A call centre in Nairobi. Kenya is the only country in the region with a well-established BPO. It has about 60 operators and counting. File Photo

When Kencall employed some 100 people from Mombasa recently, it had its Tanzania customers in mind.
Kiswahili, a language Mombasa residents speak with a fluency and intonation that is as close as one can get to Tanzanians’, is Tanzania’s official language.

The company made the decision in order to make Tanzanians feel at home when being attended to from the Kencall Business Process Outsourcing centre.

“When a Tanzanian calls our centre and is attended to by a Kenyan from Mombasa in Nairobi, he has no idea that his call to Zain Tanzania was received in Kenya and his queries attended,” said operations director Eric Nesbitt.

This is just one illustration of how, in the middle of high levels of unemployment and a difficult business environment, Kenya is scoring high as a professional services centre, a development that could catapult the country into a major global business hub in the coming years.

A report compiled by the World Bank and the Export Promotion Council indicates that Kenya is becoming a service driven economy shedding the age-old dependence on agriculture and the manufacturing sectors.

Globally, the service sector accounts for 20 per cent of the economy, while the industry in Kenya currently stands at 60 per cent of GDP, with a corresponding 68 per cent of employment creation.

Agriculture and industry, previously the key growth drivers, are at 24 and 17 per cent respectively.
According to the East African Community Secretary General Juma Mwapachu, the region must move towards a knowledge-based economy as opposed to goods.

“The world’s biggest economies are knowledge-based.

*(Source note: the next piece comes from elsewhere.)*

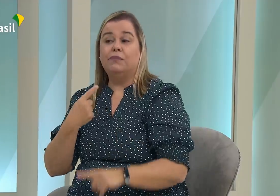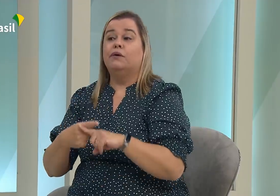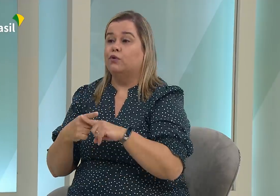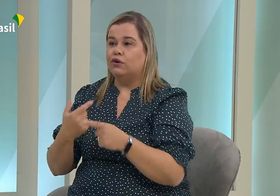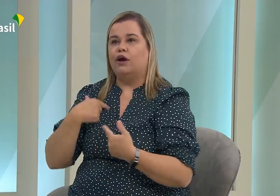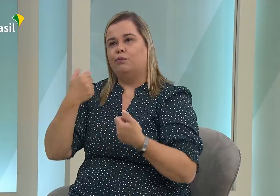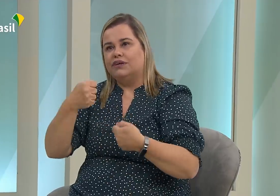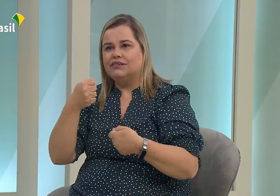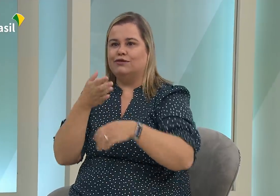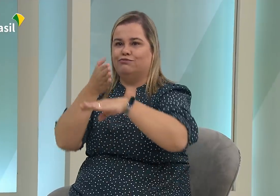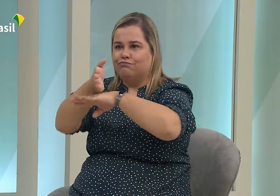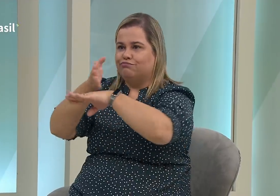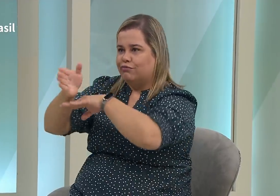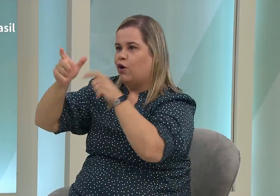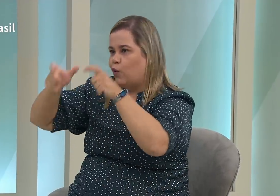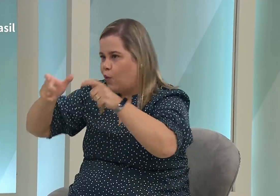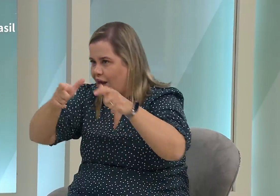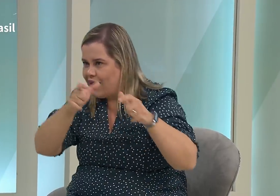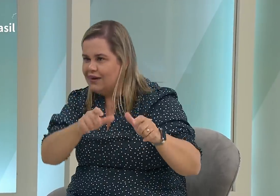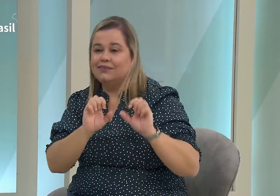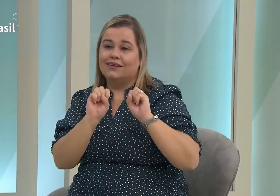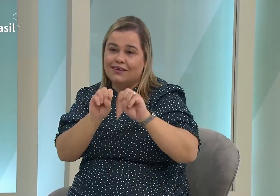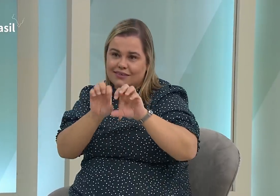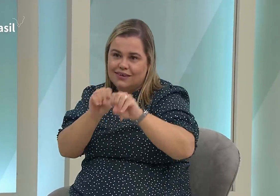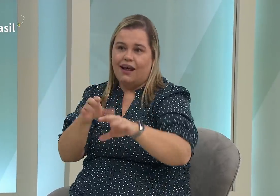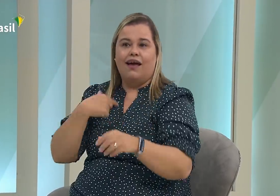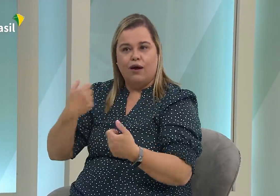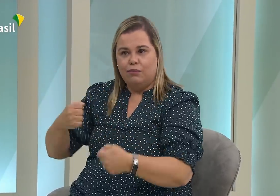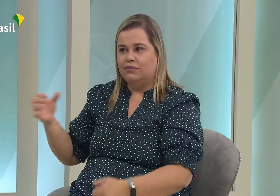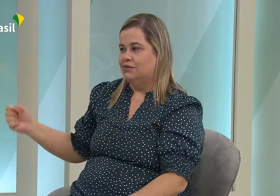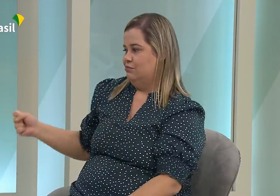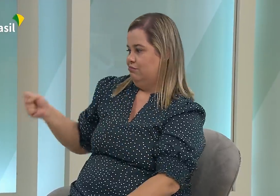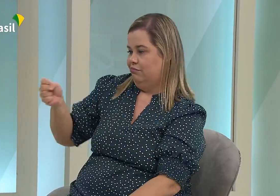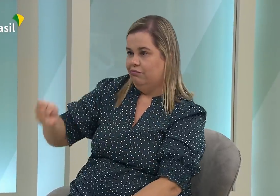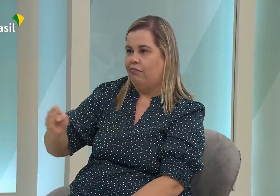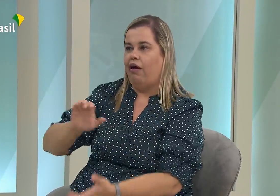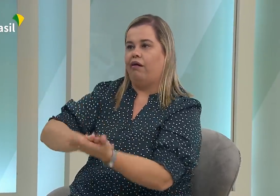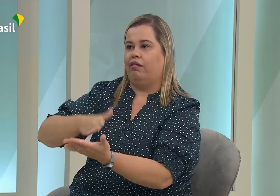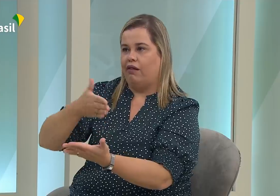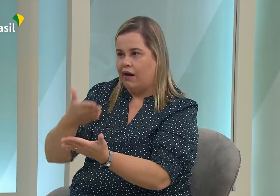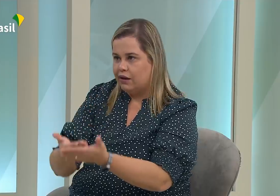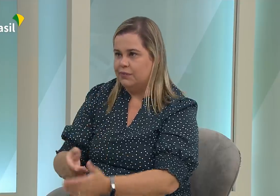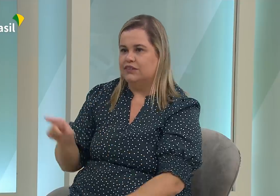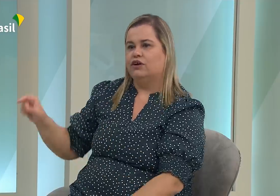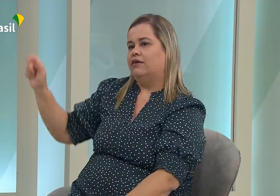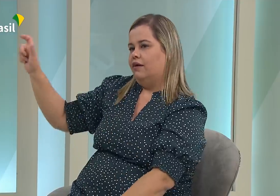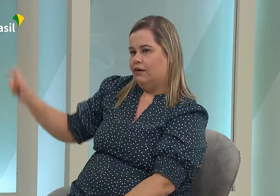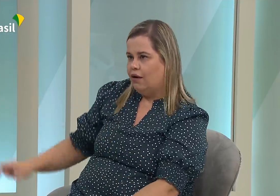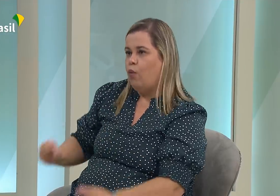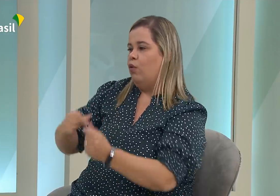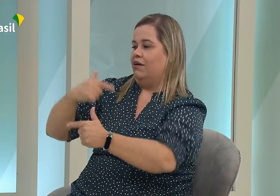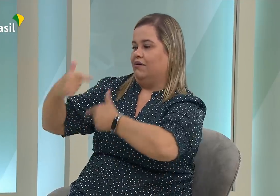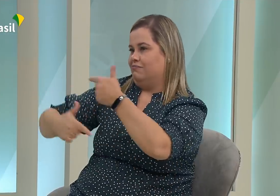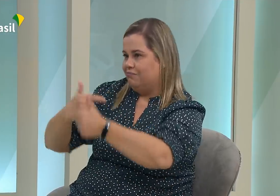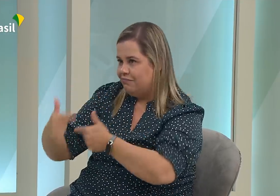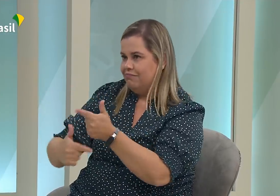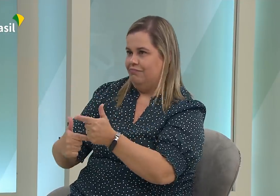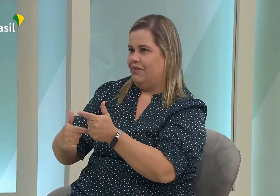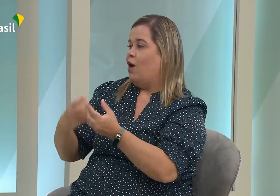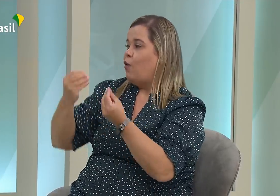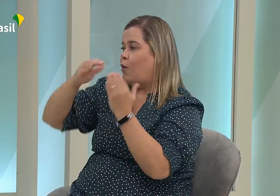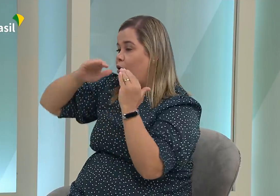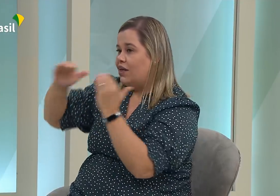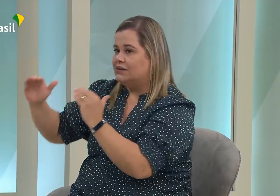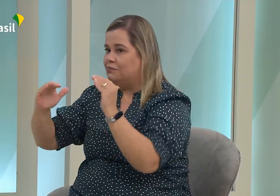escalão de um governo. E isso é muito importante, é um grande desafio para mim também. E trabalhando dessa maneira, eu sempre estou com

We are beginning to see that drift especially in Kenya and Rwanda,” he said, adding that Kenya, at 60 per cent, is reaching the threshold of a service driven economy of 68 per cent.

The World Bank-EPC report says that come July when East Africa ushers in the Common Market Protocol, Kenya will be the biggest beneficiary of free cross-border movement of people, goods, capital and services.

According to Mr Nesbitt, the BPO services will reap big especially from Rwanda and Burundi by employing French-speaking professionals to serve Francophone clientelle.

Apart from the BPO, other sectors that have been earmarked as having high potential are accountancy, engineering, information communications technology, information enabled services, the legal field, insurance, non-banking financial services and freight and forwarding.

The government has offered to rent all the space at the Sameer Business Park, on Mombasa Road, for Ksh2 billion ($26 million) to enable the country provide Internet and telecommunication services to businesses.

BPO, a key component of Kenya’s economic development blueprint Vision 2030, focuses on hiring a third party company to undertake selected activities such as customer service, marketing, telephone operations — and many more.

Kenya is the only country in the region with a well-established BPO industry; it boasts about 60 registered operators and counting.

Outsourcing is increasing becoming beneficial for businesses because of the added attention that the providers give to customers.

Due to technological advancement, a business in Canada can find it more cost effective to run its customer service from Kenya where it is cheaper. Luckily, Kenyans are an English speaking people, another reason attributed to the growth of outsourcing.

According to Mr Nesbit, BPO is about to surpass horticulture and even tourism as the next leading foreign exchange earner.

“While an estimated 500,000 people in horticulture earn about Ksh70 billion ($909 million) in foreign exchange, BPO can earn that with only 20,000 employees,” he said.

Kenya is earning an estimated $58 million and another $29 million from exporting professional services to East Africa and overseas economies.

Compared with dynamic economies on the continent such as South Africa and Egypt, Kenya’s service sector, as robust as it looks from a regional perspective is far below the two.

By the end of 2010, Egypt is targeting to earn $1 billion. In India, BPO and ICT alone are on the range of $50 billion, while the UK is raking in some $250 billion from exports of professional services.